1. Remove the API free tier and/or drastically reduce the feature set of the paid tier

2. Raise the cost of tweet creation e.g. Twitter Blue and paid verification




The plan doesn’t make much sense because the free tier is write-only. Bots can post 1,500 Tweets per API token per month, but free users can no longer make simple read-only queries about Tweets or users.

This means the free API is only useful for people who want to post Tweets automatically (e.g. bots) and not people who just want read-only access and do not contribute to spam. These users will now have to resort to web scraping, which is much more expensive for Twitter to serve than basic JSON API responses.


Spam bots need read access to find relevant keywords and insert themselves into replies to popular posts - otherwise they have zero visibility. As for hobby projects - I'm sure this will break a lot of them, but those that just post regular updates (like @tinyspires) should be fine.


You can still do user queries actually. But not search, tweets, or streaming endpoints under the latest proposals.


Really? On the API docs it still says write-only access.
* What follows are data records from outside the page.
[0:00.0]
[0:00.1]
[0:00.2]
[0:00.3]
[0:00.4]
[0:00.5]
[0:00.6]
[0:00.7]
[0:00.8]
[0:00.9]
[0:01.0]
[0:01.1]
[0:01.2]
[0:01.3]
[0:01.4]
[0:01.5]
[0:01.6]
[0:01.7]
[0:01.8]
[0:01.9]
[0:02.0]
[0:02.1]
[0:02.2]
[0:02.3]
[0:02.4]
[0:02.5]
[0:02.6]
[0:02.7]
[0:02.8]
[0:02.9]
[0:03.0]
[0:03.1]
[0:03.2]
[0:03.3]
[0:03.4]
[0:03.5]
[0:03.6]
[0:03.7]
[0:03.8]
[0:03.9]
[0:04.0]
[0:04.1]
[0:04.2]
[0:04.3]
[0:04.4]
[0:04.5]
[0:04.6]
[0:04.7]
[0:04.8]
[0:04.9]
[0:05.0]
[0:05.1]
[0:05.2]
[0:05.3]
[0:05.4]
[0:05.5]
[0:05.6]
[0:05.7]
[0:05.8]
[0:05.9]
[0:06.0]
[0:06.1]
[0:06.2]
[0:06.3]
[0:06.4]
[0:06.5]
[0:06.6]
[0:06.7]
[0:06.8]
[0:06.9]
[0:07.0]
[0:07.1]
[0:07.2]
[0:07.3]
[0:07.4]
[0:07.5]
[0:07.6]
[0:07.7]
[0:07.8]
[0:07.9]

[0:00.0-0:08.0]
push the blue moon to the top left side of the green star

I don’t see anything about allowing user queries (unless the docs haven’t been updated to Musk’s latest whim, which should be expected given Twitter’s state I guess).
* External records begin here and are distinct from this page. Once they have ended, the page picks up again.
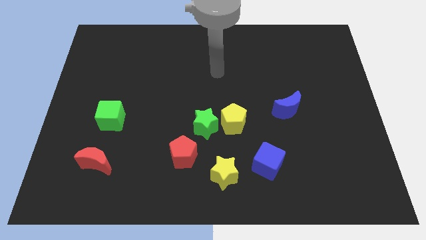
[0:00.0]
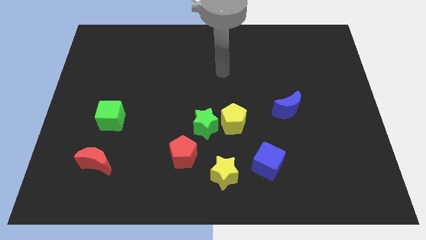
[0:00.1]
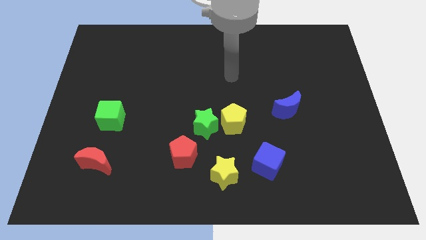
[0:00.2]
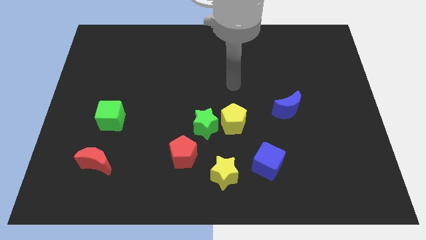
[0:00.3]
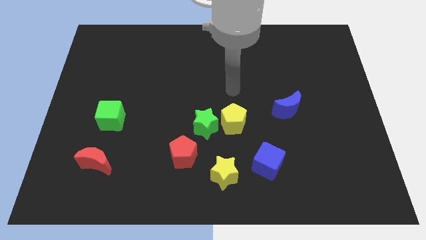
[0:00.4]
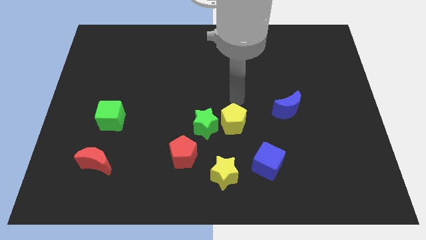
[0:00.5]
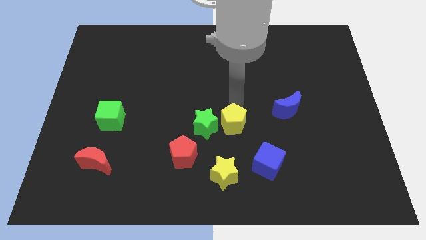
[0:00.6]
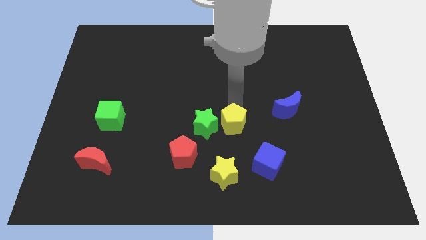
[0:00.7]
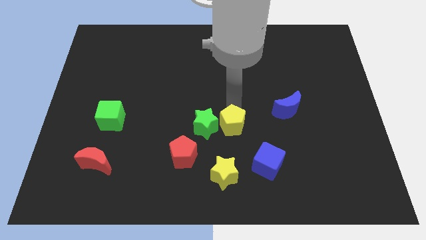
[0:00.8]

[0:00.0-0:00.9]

The lack of foresight (and/or experience) by Musk here is breathtaking. The Internet collectively learned (I thought) a long time ago that if you don't provide a public API (that you can control/track) you're just going to wind up with end users and bots using your regular web endpoints to perform the same actions which is inefficient and slow; for both the clients and the service itself.

Endpoints meant for web browsers are about to get a whole lot more (fake) traffic which will throw off their metrics and mess with ad algorithms and by extension, ad revenue.


The breathing-taking lack of foresight started when he accepted terms that any competent lawyer would run away screaming from.

Everything since has been one train wreck after another. I have no breath left to take. :)


> - Bots were most likely largely operated via the AP

This strikes me as extremely unlikely. The bots being discussed were attempting to pretend not to be bots, and there were active attempts to detect and remove them. Using the API would have made it trivial to detect them.


It really doesn't. Under the new plan, you won't be able to read out anything from query/streaming endpoints unless you pat least $100/month. But you'll still be able to post 1500 tweets/mo (about 50/day) for free.

Given how easy it is to make/purchase Twitter accounts, this works just fine for spammers, people running influence operations etc. Sure you won't be able to tweet 10 times/minute like some spammers do, but those people are usually doing it manually or puppeteering via headless browsers rather than operating developer accounts.

You also don't need Twitter Blue unless your output depends on cold views. In reality, nearly all spam/scam/influence campaigning relies on follower/retweet networks to do amplification. Commoditized verification is meaningless, it's like paying for a t-shirt that says 'I'm famous.'


Yeah, operating a free service and "limiting bots and fake accounts" are pretty incompatible.

I didn't think "I'm going to fix bots" meant "I'm going to really limit free access" but it's a coherent approach, at least.

I just don't think a paid Twitter will be as valuable as it was. Competing with free is really hard; I'm not sure Mastodon is that competitor, but I bet there will be something.


It makes sense if we assume that the API’s change in performance was deliberate.